BEGIN Data for processing
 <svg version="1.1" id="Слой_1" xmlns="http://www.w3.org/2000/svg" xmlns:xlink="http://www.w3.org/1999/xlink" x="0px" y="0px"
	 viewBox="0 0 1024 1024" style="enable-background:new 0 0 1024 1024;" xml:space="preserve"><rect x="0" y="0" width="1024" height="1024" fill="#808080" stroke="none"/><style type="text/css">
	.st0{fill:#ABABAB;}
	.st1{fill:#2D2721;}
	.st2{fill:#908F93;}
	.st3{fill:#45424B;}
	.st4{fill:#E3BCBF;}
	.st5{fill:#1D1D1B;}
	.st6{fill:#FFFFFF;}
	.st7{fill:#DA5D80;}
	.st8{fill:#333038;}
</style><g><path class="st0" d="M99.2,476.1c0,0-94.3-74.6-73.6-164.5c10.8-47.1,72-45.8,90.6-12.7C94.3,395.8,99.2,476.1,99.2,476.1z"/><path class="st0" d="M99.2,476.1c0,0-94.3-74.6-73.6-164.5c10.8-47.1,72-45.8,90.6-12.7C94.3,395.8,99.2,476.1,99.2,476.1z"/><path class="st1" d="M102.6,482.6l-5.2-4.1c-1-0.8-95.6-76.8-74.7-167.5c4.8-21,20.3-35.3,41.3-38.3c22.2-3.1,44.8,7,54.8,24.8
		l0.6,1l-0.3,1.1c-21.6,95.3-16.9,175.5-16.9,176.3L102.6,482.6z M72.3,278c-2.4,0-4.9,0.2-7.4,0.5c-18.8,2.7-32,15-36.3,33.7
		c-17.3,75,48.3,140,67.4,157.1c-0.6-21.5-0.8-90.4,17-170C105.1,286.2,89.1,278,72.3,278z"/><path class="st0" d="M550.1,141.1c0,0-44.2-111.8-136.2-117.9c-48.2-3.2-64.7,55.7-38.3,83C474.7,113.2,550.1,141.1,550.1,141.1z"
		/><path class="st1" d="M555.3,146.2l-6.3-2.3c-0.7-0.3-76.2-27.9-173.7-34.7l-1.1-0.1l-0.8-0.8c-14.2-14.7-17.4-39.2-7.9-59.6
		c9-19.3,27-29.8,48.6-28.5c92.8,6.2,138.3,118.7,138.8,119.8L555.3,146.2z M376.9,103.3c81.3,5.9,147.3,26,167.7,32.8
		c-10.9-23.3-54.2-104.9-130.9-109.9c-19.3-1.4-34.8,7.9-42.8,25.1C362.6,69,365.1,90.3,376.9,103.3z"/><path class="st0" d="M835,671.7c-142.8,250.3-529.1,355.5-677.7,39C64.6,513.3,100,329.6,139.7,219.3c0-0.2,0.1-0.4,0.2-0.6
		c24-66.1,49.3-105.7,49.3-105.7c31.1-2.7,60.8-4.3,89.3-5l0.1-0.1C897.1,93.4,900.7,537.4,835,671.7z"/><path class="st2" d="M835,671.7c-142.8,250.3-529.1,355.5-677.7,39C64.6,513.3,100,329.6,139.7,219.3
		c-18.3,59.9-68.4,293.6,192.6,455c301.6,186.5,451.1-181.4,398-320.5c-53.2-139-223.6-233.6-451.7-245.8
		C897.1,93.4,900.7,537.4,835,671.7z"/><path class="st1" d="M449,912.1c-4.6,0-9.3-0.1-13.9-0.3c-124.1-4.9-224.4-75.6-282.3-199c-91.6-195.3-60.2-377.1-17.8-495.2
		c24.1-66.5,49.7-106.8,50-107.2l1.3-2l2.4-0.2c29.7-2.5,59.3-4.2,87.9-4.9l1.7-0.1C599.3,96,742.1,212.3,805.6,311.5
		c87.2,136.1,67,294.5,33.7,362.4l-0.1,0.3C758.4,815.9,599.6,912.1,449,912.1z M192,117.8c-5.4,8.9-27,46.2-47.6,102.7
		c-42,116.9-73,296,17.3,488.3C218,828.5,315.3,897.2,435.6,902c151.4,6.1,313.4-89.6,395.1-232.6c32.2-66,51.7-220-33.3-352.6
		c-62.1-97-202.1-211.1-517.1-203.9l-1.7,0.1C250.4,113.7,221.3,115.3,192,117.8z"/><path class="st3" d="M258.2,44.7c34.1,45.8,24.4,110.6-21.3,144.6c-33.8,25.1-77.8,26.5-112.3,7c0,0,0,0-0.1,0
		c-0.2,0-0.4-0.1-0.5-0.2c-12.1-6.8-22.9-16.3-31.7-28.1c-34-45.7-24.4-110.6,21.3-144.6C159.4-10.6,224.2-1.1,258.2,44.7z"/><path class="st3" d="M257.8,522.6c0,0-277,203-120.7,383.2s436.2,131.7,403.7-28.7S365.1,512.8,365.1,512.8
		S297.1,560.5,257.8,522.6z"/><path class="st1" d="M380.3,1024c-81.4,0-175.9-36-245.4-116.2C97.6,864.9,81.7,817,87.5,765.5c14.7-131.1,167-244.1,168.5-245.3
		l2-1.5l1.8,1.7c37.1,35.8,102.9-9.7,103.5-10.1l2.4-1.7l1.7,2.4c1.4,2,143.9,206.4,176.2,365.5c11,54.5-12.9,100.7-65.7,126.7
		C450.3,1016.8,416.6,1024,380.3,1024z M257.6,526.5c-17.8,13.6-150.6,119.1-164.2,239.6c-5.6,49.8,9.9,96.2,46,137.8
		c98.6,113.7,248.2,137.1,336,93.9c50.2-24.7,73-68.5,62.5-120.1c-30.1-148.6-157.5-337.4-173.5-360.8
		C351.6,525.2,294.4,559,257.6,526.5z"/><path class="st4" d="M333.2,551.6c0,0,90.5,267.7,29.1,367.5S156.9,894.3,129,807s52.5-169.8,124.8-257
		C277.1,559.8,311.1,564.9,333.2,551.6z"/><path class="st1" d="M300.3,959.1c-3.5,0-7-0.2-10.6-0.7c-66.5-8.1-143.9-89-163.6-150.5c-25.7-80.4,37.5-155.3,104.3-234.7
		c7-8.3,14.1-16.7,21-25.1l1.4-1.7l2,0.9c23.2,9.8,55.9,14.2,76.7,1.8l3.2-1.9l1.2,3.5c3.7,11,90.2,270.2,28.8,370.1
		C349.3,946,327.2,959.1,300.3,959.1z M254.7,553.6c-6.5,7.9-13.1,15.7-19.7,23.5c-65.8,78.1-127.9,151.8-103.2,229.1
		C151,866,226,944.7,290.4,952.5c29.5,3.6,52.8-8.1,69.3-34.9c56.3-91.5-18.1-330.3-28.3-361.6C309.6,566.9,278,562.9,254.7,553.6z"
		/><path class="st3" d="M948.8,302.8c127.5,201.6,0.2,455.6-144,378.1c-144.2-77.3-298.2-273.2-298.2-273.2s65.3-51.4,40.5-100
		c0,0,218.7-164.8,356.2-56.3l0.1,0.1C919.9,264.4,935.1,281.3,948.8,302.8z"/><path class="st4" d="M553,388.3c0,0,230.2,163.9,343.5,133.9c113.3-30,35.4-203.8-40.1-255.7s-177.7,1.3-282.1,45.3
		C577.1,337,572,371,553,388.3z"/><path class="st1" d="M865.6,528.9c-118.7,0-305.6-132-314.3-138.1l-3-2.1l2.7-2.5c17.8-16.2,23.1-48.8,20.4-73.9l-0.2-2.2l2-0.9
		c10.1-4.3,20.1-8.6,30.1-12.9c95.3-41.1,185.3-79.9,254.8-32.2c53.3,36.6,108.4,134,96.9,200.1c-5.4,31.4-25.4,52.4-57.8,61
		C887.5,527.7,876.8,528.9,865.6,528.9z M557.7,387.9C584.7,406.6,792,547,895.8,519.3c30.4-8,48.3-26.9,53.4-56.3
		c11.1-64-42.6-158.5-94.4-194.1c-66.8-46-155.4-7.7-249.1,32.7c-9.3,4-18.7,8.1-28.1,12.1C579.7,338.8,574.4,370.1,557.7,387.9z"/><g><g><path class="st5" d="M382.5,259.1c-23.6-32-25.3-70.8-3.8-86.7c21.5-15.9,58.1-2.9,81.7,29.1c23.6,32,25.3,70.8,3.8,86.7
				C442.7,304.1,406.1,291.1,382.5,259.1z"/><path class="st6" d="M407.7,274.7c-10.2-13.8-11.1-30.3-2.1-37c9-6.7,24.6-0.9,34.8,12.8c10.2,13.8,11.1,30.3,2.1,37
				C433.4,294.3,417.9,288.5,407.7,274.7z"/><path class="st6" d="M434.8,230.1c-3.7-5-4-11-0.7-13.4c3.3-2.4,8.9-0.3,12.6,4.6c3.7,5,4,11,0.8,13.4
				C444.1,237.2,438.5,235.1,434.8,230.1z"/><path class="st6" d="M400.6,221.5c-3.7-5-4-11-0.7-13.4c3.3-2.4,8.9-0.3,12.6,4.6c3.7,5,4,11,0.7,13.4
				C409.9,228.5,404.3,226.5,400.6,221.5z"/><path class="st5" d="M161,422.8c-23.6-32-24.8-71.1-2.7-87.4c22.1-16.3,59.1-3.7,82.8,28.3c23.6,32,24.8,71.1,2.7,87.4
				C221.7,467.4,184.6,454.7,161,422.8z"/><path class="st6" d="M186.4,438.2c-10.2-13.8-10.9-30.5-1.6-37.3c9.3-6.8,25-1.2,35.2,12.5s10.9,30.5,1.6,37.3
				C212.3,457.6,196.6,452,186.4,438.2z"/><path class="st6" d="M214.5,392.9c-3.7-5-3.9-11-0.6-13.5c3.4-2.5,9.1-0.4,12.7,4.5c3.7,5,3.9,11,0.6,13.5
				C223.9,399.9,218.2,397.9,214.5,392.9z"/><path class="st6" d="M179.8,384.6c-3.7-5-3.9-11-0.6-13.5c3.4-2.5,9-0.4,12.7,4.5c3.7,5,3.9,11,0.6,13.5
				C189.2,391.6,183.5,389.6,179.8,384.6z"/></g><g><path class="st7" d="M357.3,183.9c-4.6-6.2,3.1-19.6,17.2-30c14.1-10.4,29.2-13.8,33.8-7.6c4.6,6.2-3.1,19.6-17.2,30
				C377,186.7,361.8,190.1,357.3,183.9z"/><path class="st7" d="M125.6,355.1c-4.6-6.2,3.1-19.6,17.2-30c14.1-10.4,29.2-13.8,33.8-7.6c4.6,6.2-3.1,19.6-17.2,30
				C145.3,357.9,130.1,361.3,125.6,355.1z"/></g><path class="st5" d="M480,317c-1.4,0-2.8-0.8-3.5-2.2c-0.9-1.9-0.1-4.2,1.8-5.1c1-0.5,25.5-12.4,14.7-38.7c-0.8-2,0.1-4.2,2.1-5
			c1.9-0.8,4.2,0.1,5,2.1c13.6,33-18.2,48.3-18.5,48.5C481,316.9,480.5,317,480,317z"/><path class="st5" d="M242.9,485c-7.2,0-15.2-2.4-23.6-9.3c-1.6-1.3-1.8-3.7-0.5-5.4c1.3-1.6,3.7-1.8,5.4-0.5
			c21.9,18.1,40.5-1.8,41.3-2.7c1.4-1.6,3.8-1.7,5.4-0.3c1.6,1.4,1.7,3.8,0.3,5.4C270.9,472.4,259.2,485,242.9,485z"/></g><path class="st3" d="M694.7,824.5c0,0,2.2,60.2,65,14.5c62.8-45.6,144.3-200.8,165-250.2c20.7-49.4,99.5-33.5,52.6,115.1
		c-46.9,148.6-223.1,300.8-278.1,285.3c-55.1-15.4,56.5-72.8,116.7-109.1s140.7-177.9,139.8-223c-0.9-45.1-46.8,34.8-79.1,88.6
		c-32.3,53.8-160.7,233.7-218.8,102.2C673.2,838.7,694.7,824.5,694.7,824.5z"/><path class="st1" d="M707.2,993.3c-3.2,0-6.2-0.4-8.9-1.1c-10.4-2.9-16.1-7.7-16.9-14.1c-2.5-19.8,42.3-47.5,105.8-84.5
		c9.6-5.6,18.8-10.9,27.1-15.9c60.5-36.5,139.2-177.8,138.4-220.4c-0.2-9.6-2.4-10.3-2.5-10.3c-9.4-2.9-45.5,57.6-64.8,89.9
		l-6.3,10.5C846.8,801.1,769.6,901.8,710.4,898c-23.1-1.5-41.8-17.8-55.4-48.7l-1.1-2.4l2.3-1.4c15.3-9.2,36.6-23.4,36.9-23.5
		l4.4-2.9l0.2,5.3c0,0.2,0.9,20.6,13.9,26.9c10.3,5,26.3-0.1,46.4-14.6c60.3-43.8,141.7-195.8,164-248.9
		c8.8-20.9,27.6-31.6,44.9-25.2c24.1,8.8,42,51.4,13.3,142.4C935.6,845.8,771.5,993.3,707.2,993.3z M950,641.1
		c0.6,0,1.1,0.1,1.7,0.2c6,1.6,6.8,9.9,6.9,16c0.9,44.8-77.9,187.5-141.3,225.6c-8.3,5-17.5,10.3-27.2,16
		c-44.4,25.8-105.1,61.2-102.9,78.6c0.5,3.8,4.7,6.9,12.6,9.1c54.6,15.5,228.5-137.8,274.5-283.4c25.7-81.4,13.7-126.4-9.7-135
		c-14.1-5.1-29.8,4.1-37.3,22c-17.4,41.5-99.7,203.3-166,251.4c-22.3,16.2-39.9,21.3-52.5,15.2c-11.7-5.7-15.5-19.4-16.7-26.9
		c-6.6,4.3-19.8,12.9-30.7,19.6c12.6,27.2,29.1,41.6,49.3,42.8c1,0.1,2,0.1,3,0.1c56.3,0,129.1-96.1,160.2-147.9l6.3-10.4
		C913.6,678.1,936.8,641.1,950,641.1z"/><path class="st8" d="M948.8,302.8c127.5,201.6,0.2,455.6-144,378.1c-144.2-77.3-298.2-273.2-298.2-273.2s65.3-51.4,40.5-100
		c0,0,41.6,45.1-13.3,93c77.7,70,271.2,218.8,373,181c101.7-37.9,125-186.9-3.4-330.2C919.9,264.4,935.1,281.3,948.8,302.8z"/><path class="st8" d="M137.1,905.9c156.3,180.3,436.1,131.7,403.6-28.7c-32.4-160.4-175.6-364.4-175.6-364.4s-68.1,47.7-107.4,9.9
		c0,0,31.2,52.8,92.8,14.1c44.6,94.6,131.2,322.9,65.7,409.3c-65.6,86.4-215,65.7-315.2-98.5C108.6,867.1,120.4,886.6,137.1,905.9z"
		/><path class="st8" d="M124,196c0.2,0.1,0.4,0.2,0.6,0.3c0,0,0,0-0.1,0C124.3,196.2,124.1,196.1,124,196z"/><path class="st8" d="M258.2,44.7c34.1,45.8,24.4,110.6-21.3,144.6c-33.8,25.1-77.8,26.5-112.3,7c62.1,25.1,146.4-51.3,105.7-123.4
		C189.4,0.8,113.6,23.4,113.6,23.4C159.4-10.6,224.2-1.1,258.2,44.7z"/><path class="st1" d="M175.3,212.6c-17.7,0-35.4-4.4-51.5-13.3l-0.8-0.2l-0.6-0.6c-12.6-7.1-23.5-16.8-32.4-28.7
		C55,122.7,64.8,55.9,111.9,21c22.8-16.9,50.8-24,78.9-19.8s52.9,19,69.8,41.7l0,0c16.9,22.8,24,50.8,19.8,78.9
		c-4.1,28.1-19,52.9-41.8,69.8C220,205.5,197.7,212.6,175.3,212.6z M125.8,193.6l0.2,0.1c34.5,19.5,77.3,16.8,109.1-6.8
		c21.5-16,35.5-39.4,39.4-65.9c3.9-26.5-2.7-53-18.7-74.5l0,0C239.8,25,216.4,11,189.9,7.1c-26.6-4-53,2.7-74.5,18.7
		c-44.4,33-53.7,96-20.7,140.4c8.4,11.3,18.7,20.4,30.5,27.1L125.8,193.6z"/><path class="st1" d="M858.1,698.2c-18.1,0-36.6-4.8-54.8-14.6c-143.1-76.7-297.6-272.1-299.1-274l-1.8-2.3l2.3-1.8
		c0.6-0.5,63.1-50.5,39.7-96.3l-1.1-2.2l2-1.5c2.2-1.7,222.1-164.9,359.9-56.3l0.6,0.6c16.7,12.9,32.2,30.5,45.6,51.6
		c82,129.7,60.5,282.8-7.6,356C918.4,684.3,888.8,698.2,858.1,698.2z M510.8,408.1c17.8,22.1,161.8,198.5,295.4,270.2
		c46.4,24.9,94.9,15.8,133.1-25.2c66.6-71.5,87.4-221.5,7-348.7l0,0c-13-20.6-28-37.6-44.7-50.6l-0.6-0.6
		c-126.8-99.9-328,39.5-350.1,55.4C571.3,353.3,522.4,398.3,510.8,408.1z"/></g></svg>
END Data for processing
*Problem requirements*. In the listing, find each line with the string "fill" and copy it.

*Answer*.
	 viewBox="0 0 1024 1024" style="enable-background:new 0 0 1024 1024;" xml:space="preserve"><rect x="0" y="0" width="1024" height="1024" fill="#808080" stroke="none"/><style type="text/css">
	.st0{fill:#ABABAB;}
	.st1{fill:#2D2721;}
	.st2{fill:#908F93;}
	.st3{fill:#45424B;}
	.st4{fill:#E3BCBF;}
	.st5{fill:#1D1D1B;}
	.st6{fill:#FFFFFF;}
	.st7{fill:#DA5D80;}
	.st8{fill:#333038;}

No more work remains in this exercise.